Fourth, I can go backwards easily. I simply walk through my memory palace for pi backwards, which is trivial since I’m just visualizing my friend’s apartment. Then for each glyph, I decode it backwards. For example, the last glyph in my one hundred digits is Serena Williams nibbling on a plastic leg. That’s $067982$. (Technically $82$ is extra if we’re counting “digits of pi” as digits after the decimal point.) And since “plastic leg” is $82$, I simply say “$28$” while decoding. So I can go backwards nearly as quickly as going forwards because I only ever need to flip two digits at a time.

And finally, this system scales. Memorizing the first one hundred digits of pi only required seventeen glyphs. Memorizing another seventeen glpyhs doesn’t seem too hard. I don’t feel like my memory has been taxed yet. Using this system, I think I could memorize a thousand digits of pi relatively straightforwardly. Honestly, the hard part would be deciding on the right set of memory palaces and then “jumping” between these palaces in the correct order. I would probably use an organizing system for my palaces, such as ordering the palaces east-to-west in physical space. But again, this wouldn’t be “hard” in the sense of a vague or amorphous challenge. It would just be a lot of work for rapidly dimishing returns.

So that’s it. That’s how I memorized one hundred digits of pi. If you think it sounds like a lot of work, that’s actually my point. My point is that there was no magic here. I came to this process with an average memory, and average memory is all I have. It’s just technique and practice.

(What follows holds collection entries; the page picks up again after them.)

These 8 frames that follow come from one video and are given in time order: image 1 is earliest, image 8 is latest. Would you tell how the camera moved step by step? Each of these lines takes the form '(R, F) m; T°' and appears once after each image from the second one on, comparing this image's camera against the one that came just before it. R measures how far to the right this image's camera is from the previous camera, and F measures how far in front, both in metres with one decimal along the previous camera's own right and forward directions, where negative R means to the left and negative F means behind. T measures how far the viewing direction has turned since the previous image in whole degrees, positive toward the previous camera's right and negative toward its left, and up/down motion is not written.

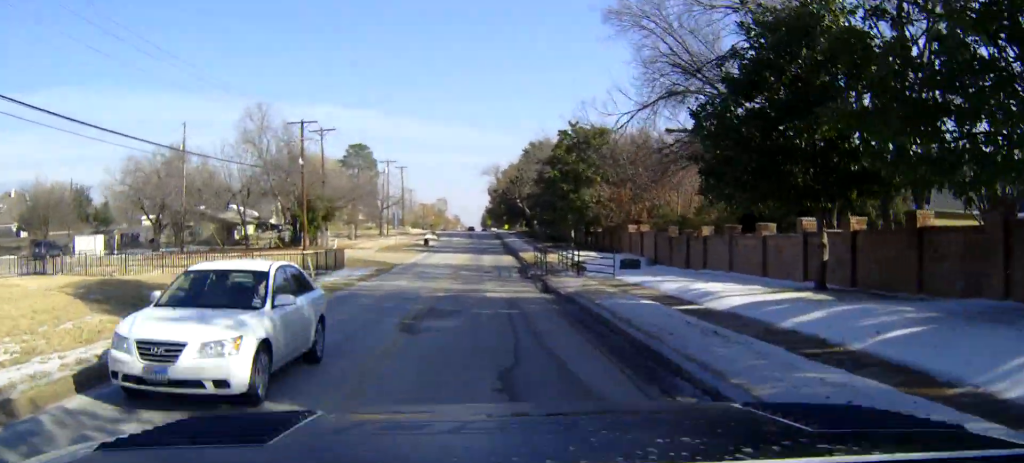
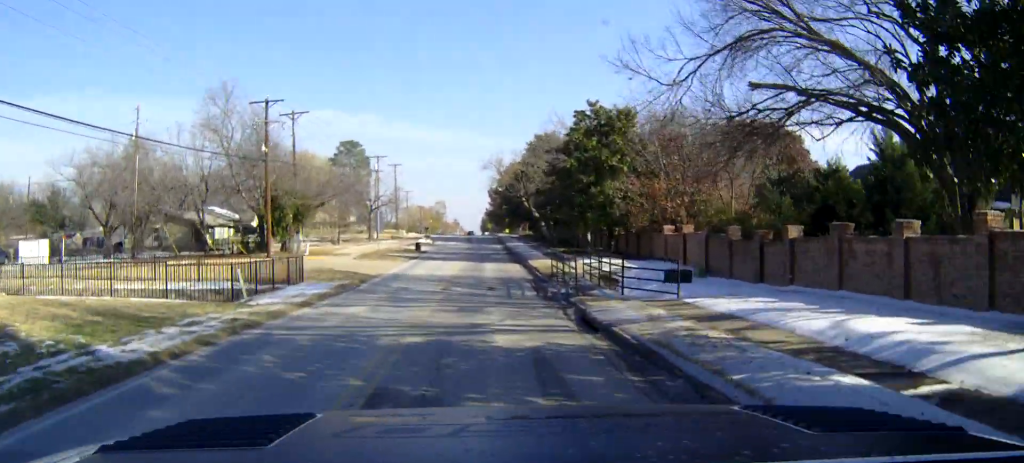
(0.0, +8.9) m; 0°
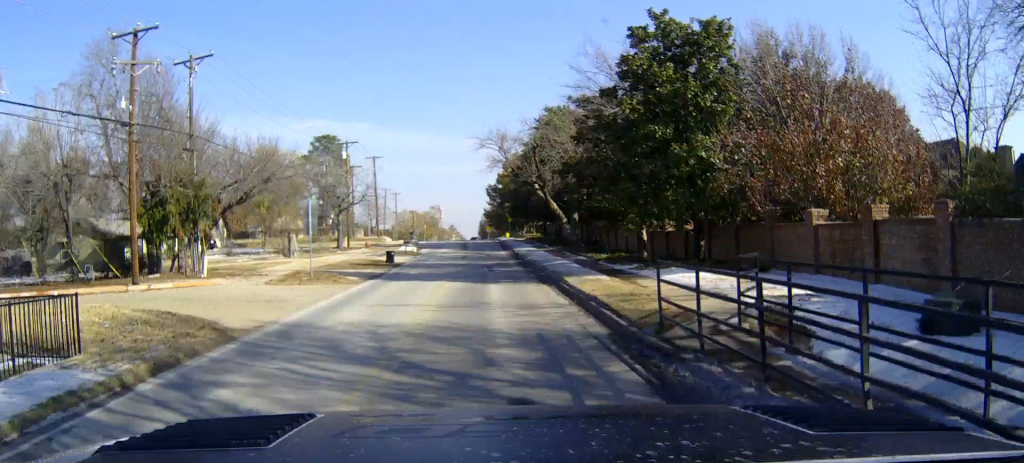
(0.0, +16.4) m; 0°
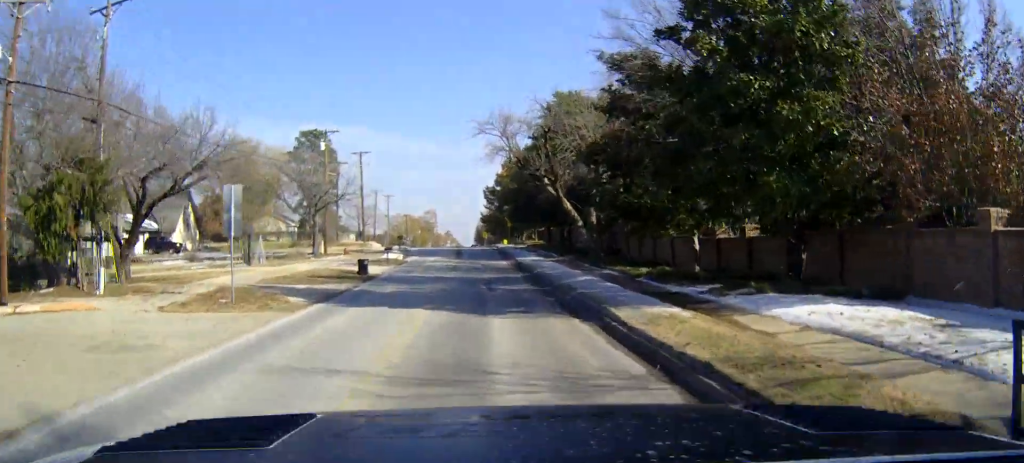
(0.0, +7.7) m; 0°
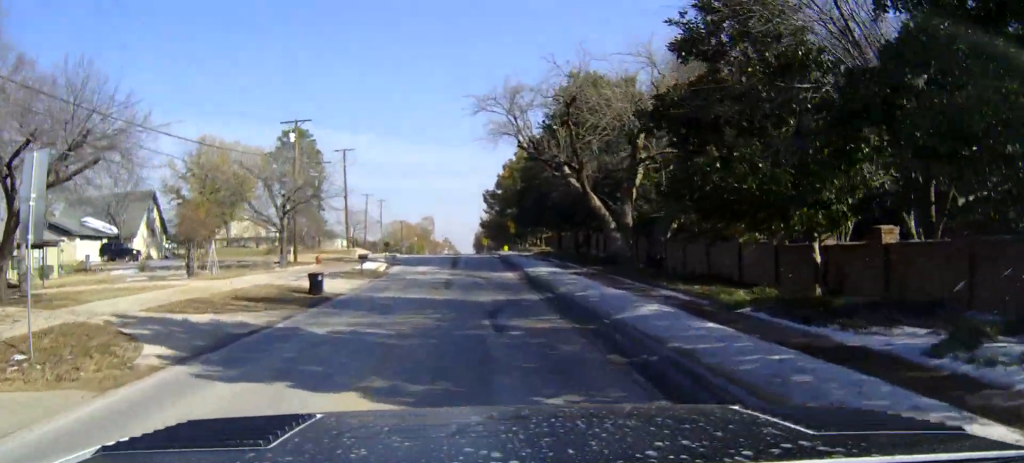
(0.0, +8.6) m; 0°
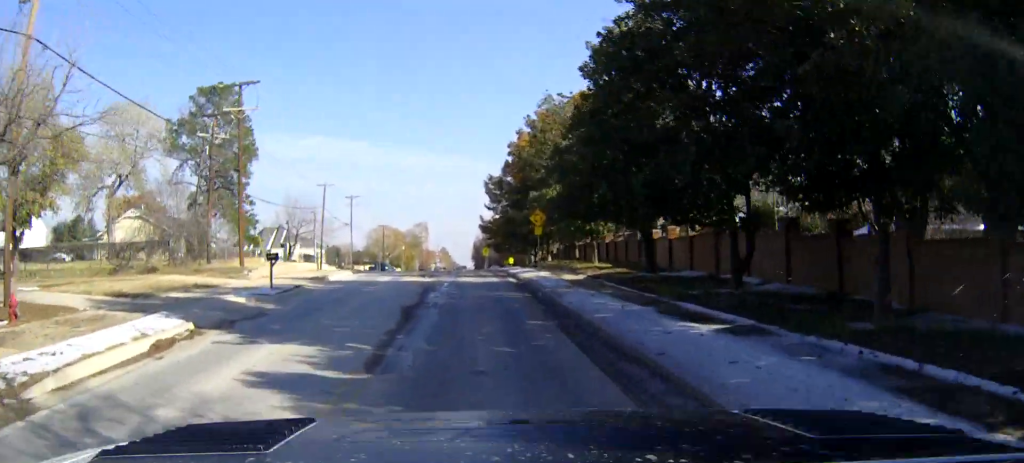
(0.0, +33.2) m; 0°
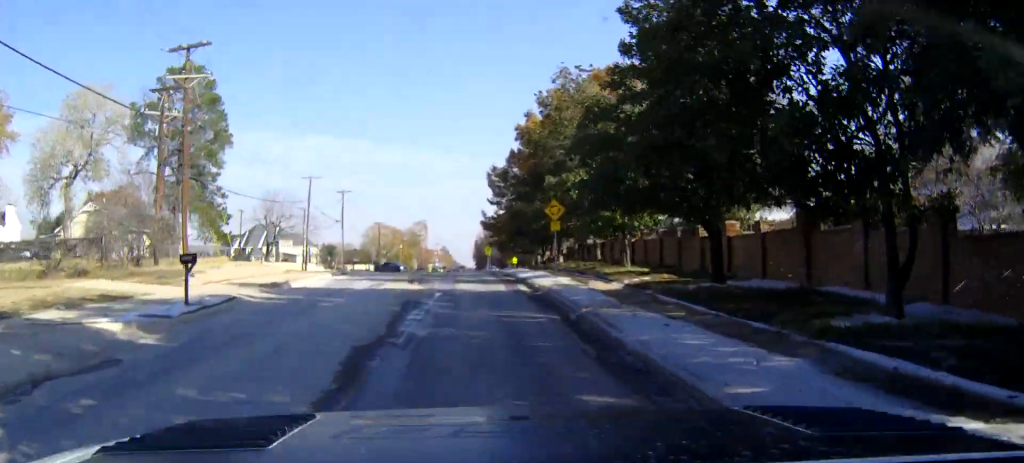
(0.0, +8.4) m; 0°
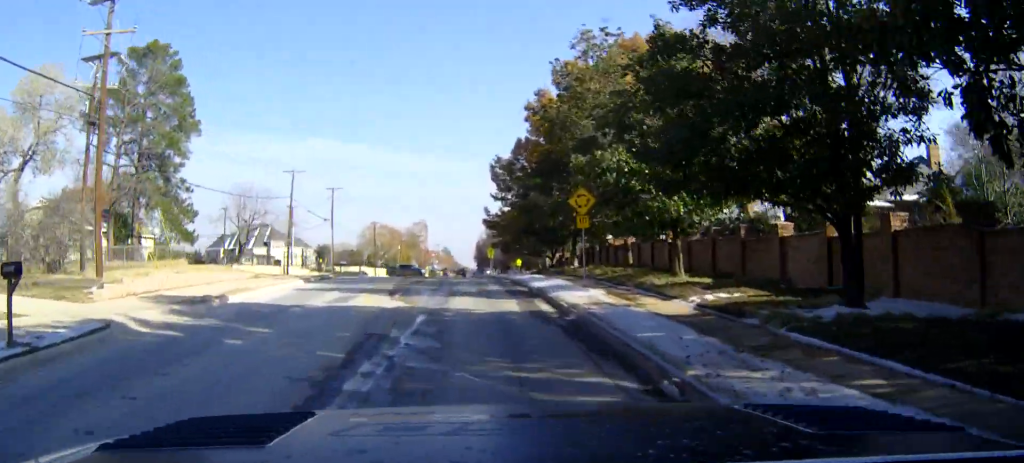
(0.0, +8.2) m; 0°

Of course, you might ask why I did this. Everyone I’ve told about it certainly has. Of course, the trite answer is: why do anything? Besides eat, sleep, and have sex, humans need to do very little to survive as a species. But my more serious answer is this: nothing has more positvely impacted my own life than my ability to change how I view myself and my relationship to the world. We all limit ourselves in our imaginations. One might think, “I can’t do this because I’m not an X person”, but those beliefs are often grounded in a handful of early experiences which are then rarely interrogated. My claim, echoing Foer’s, is that basically any person with an average memory can memorize large amounts of information with simple, well-established techniques. And at least for me, truly internalizing that belief through experience has changed how I view my own mind.